#### DIRECTIONS:
Write out every record below exactly as it stands, leaving the pictures out.

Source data

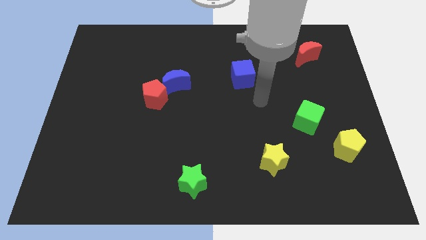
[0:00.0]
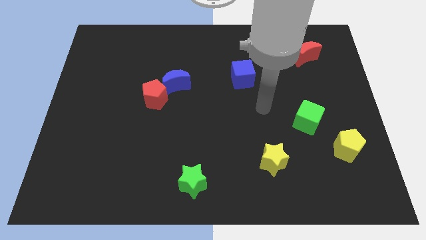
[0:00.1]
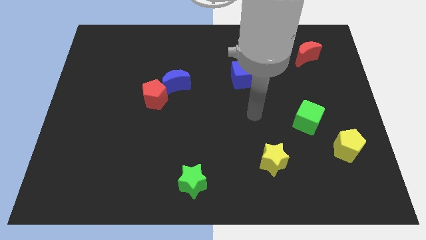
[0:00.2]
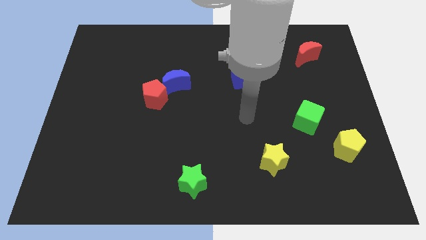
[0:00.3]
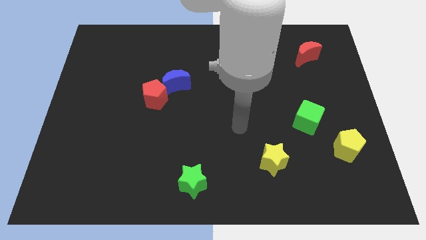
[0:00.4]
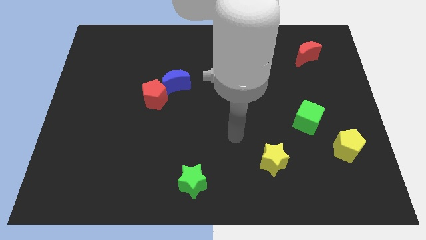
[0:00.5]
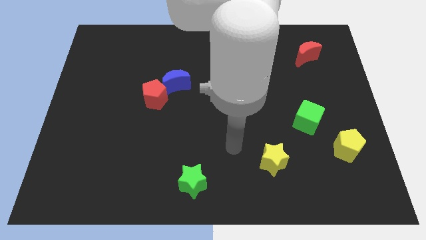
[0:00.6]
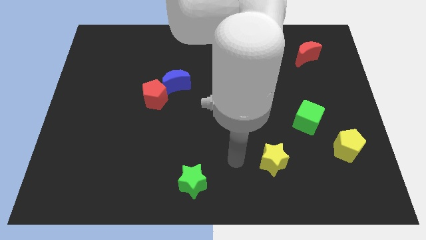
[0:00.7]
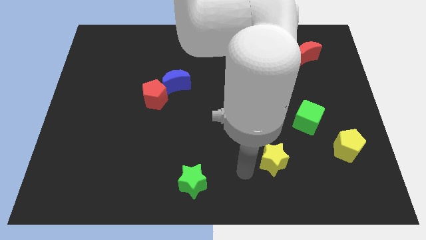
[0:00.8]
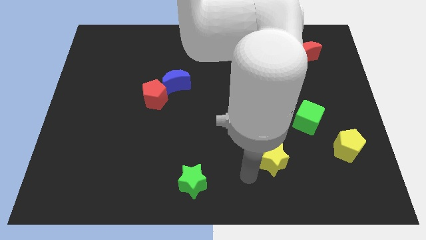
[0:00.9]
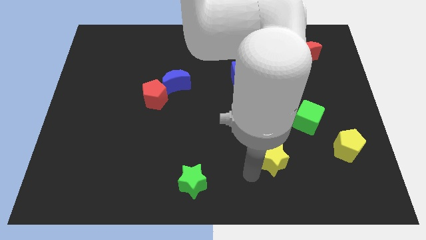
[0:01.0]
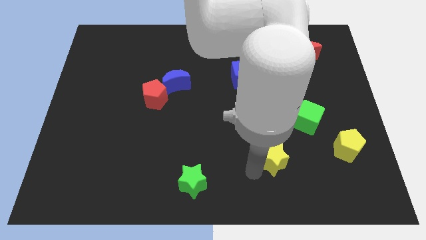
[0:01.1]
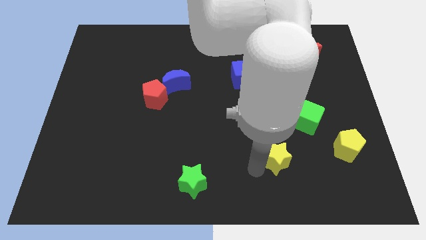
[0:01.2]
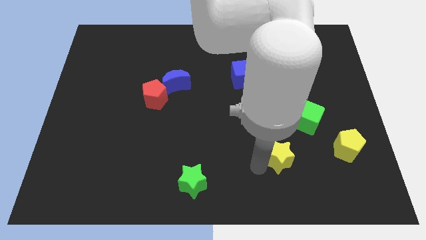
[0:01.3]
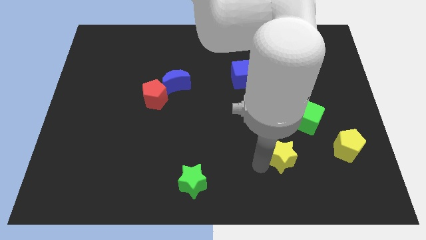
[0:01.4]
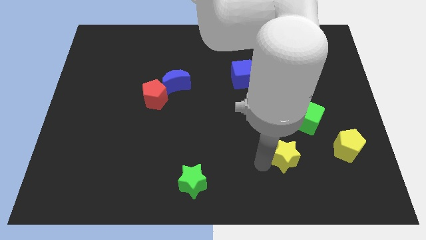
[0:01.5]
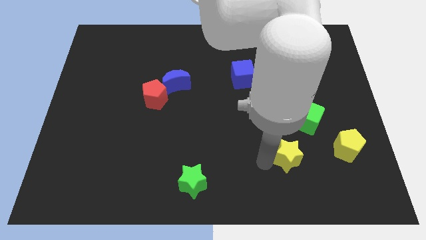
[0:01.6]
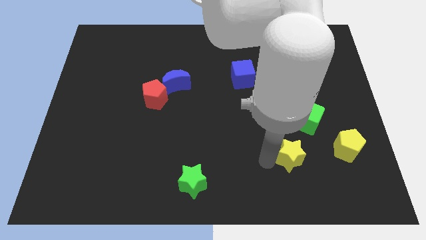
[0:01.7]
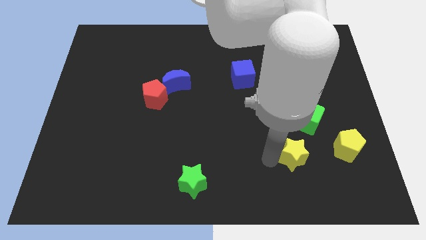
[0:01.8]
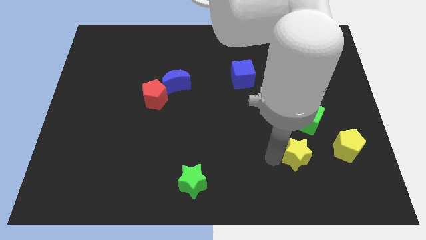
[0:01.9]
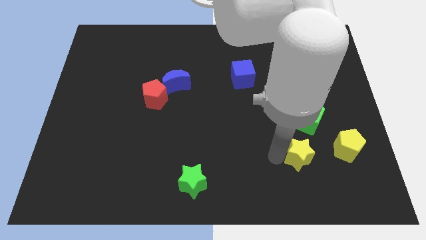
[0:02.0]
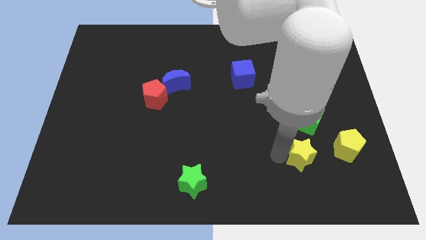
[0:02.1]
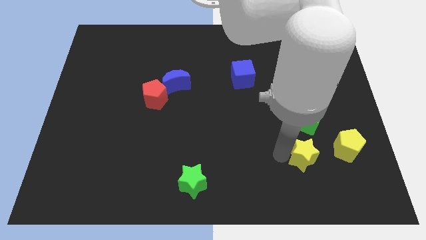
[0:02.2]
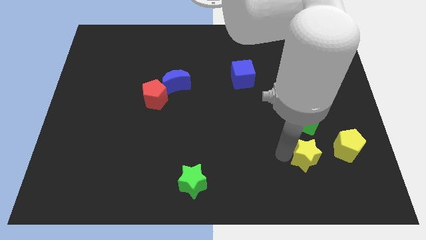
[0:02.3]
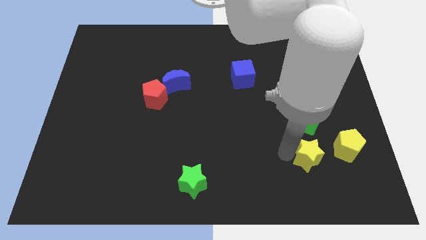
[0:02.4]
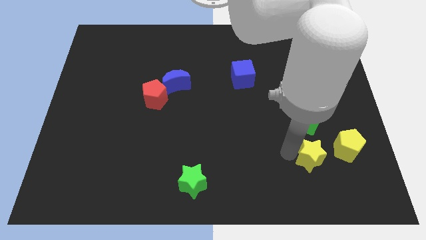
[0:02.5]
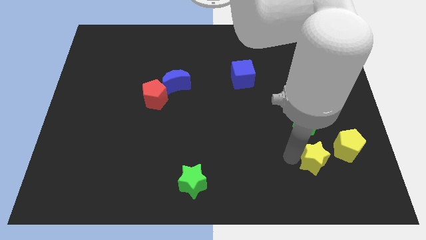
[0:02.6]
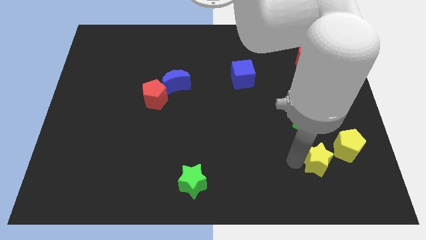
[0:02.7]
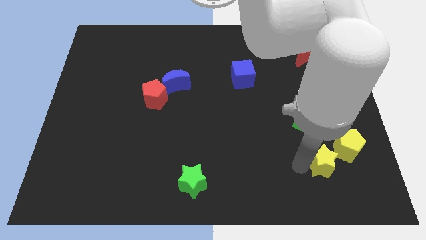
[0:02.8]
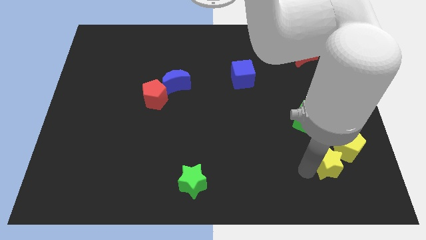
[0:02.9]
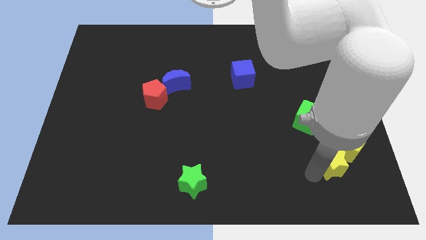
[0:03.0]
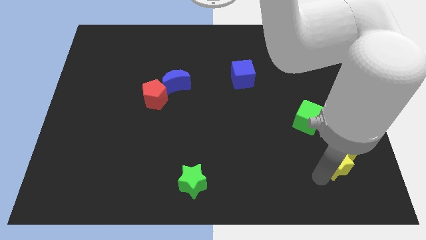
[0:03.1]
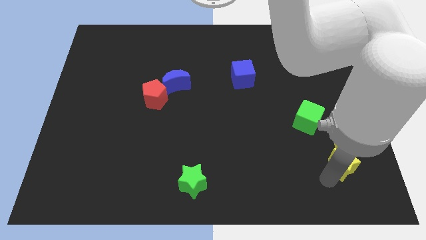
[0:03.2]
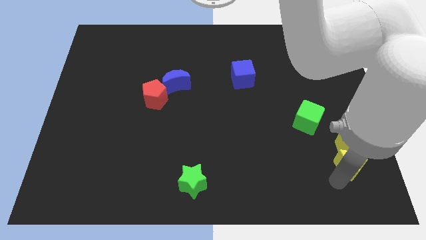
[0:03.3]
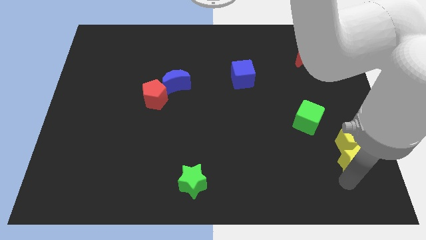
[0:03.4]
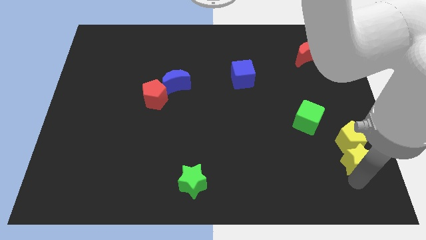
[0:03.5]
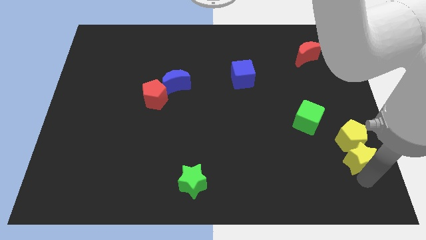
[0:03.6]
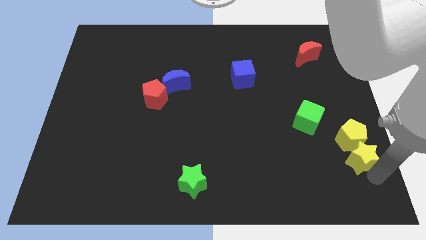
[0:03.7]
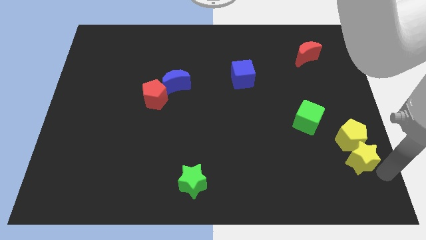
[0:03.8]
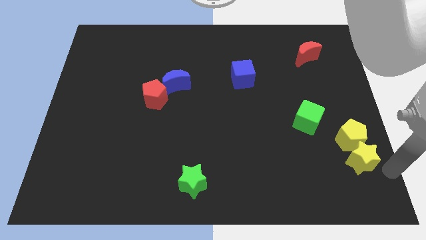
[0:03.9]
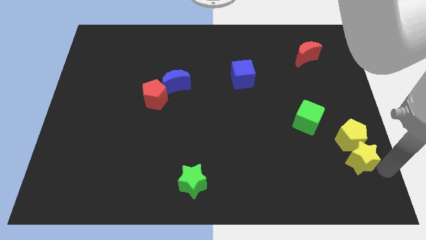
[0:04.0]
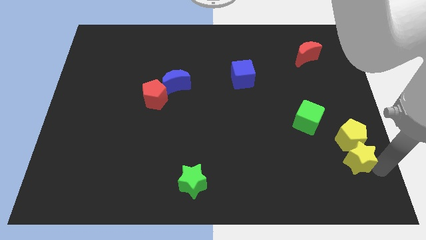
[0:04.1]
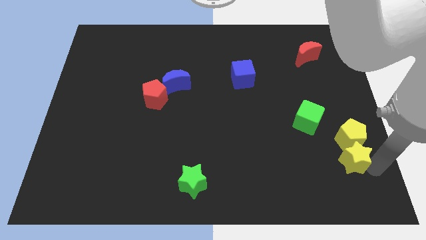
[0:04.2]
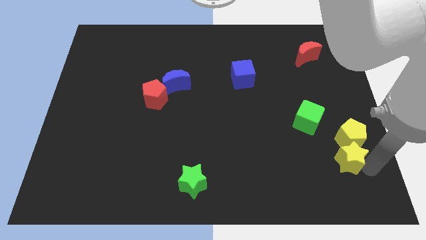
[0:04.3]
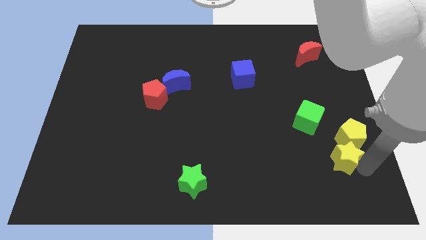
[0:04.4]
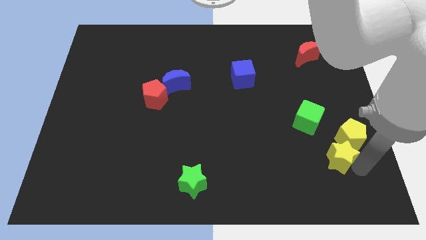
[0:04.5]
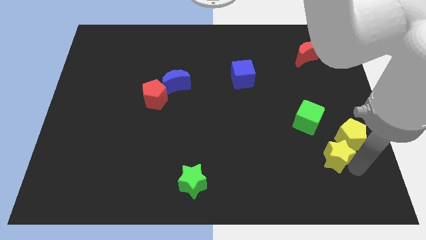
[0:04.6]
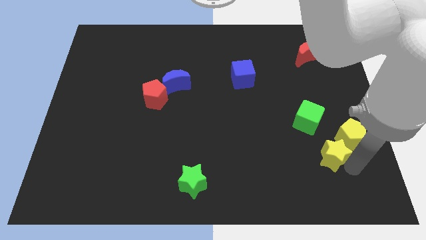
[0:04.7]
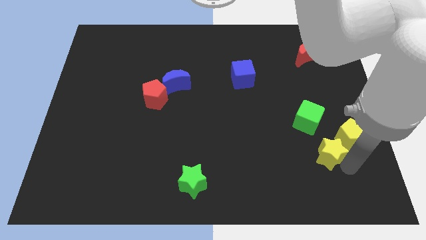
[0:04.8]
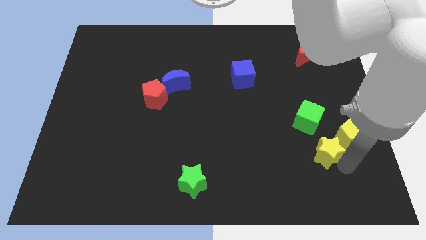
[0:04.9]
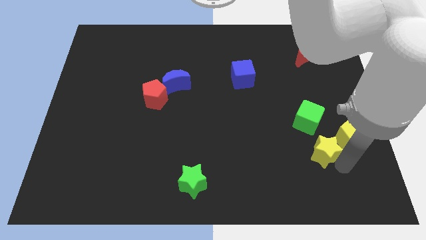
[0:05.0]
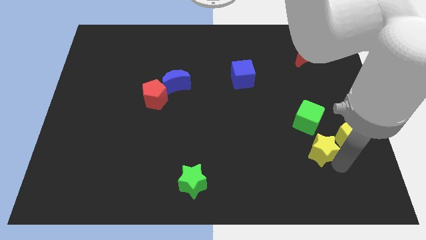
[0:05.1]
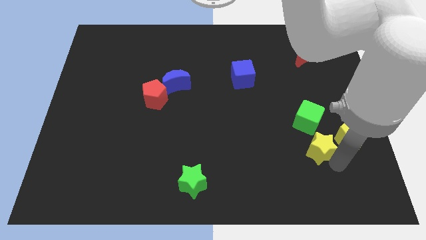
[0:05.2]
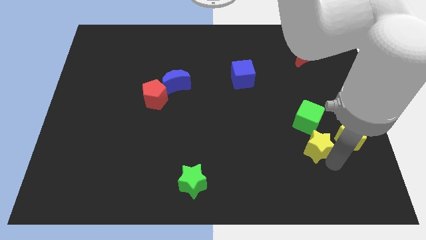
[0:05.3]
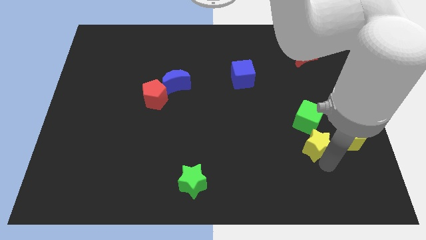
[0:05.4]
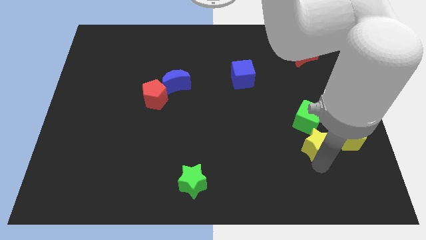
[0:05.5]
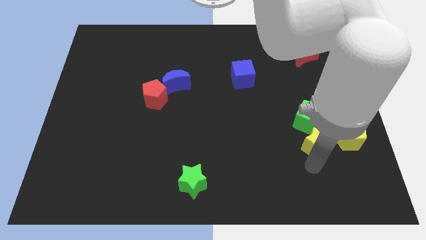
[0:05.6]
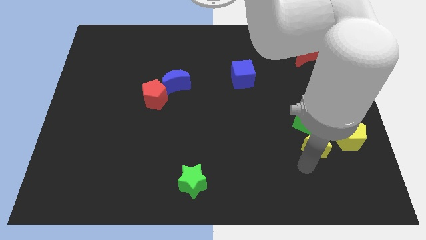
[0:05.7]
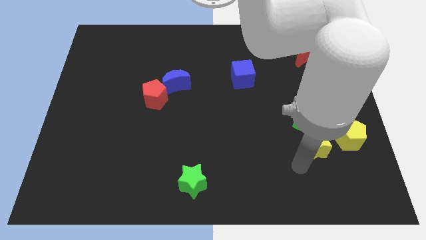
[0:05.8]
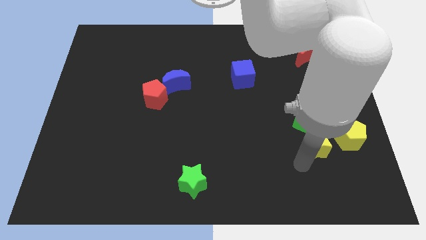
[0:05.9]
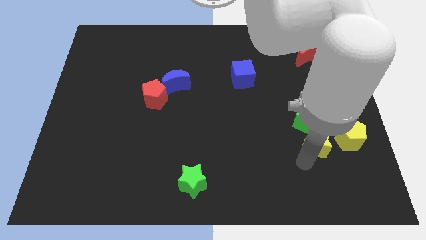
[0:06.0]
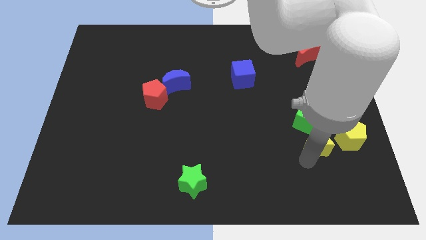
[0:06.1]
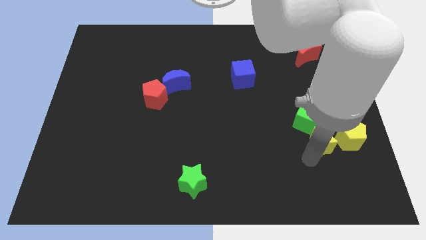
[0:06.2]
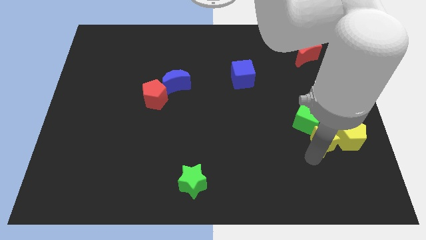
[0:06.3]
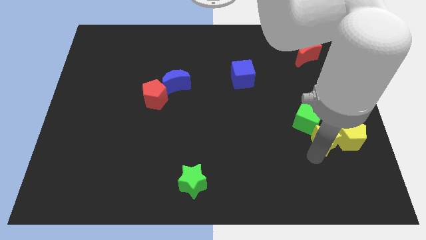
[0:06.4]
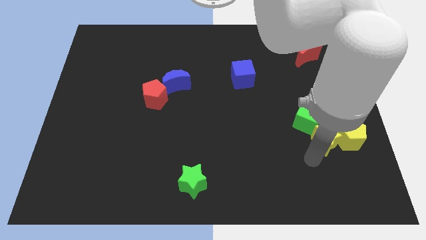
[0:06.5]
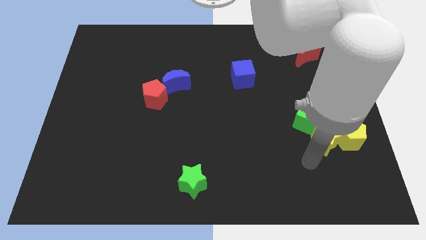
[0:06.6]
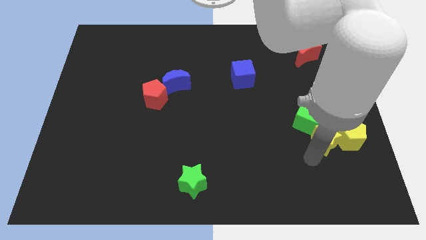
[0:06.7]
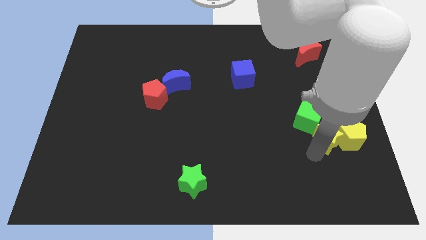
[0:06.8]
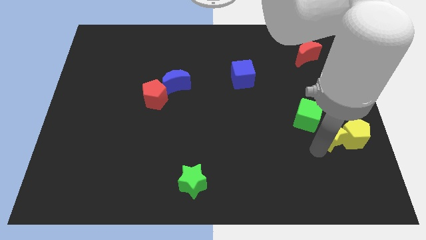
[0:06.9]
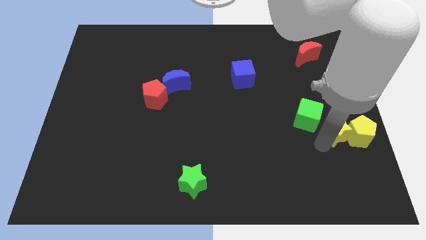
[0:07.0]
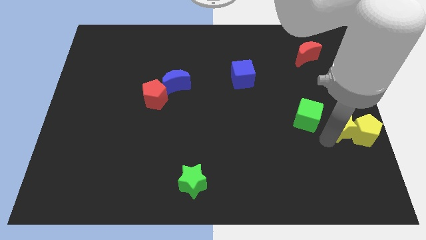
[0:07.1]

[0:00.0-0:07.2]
put the yellow star to the right side of the board

#### PROBLEM SOLUTION:
[0:00.0]
[0:00.1]
[0:00.2]
[0:00.3]
[0:00.4]
[0:00.5]
[0:00.6]
[0:00.7]
[0:00.8]
[0:00.9]
[0:01.0]
[0:01.1]
[0:01.2]
[0:01.3]
[0:01.4]
[0:01.5]
[0:01.6]
[0:01.7]
[0:01.8]
[0:01.9]
[0:02.0]
[0:02.1]
[0:02.2]
[0:02.3]
[0:02.4]
[0:02.5]
[0:02.6]
[0:02.7]
[0:02.8]
[0:02.9]
[0:03.0]
[0:03.1]
[0:03.2]
[0:03.3]
[0:03.4]
[0:03.5]
[0:03.6]
[0:03.7]
[0:03.8]
[0:03.9]
[0:04.0]
[0:04.1]
[0:04.2]
[0:04.3]
[0:04.4]
[0:04.5]
[0:04.6]
[0:04.7]
[0:04.8]
[0:04.9]
[0:05.0]
[0:05.1]
[0:05.2]
[0:05.3]
[0:05.4]
[0:05.5]
[0:05.6]
[0:05.7]
[0:05.8]
[0:05.9]
[0:06.0]
[0:06.1]
[0:06.2]
[0:06.3]
[0:06.4]
[0:06.5]
[0:06.6]
[0:06.7]
[0:06.8]
[0:06.9]
[0:07.0]
[0:07.1]

[0:00.0-0:07.2]
put the yellow star to the right side of the board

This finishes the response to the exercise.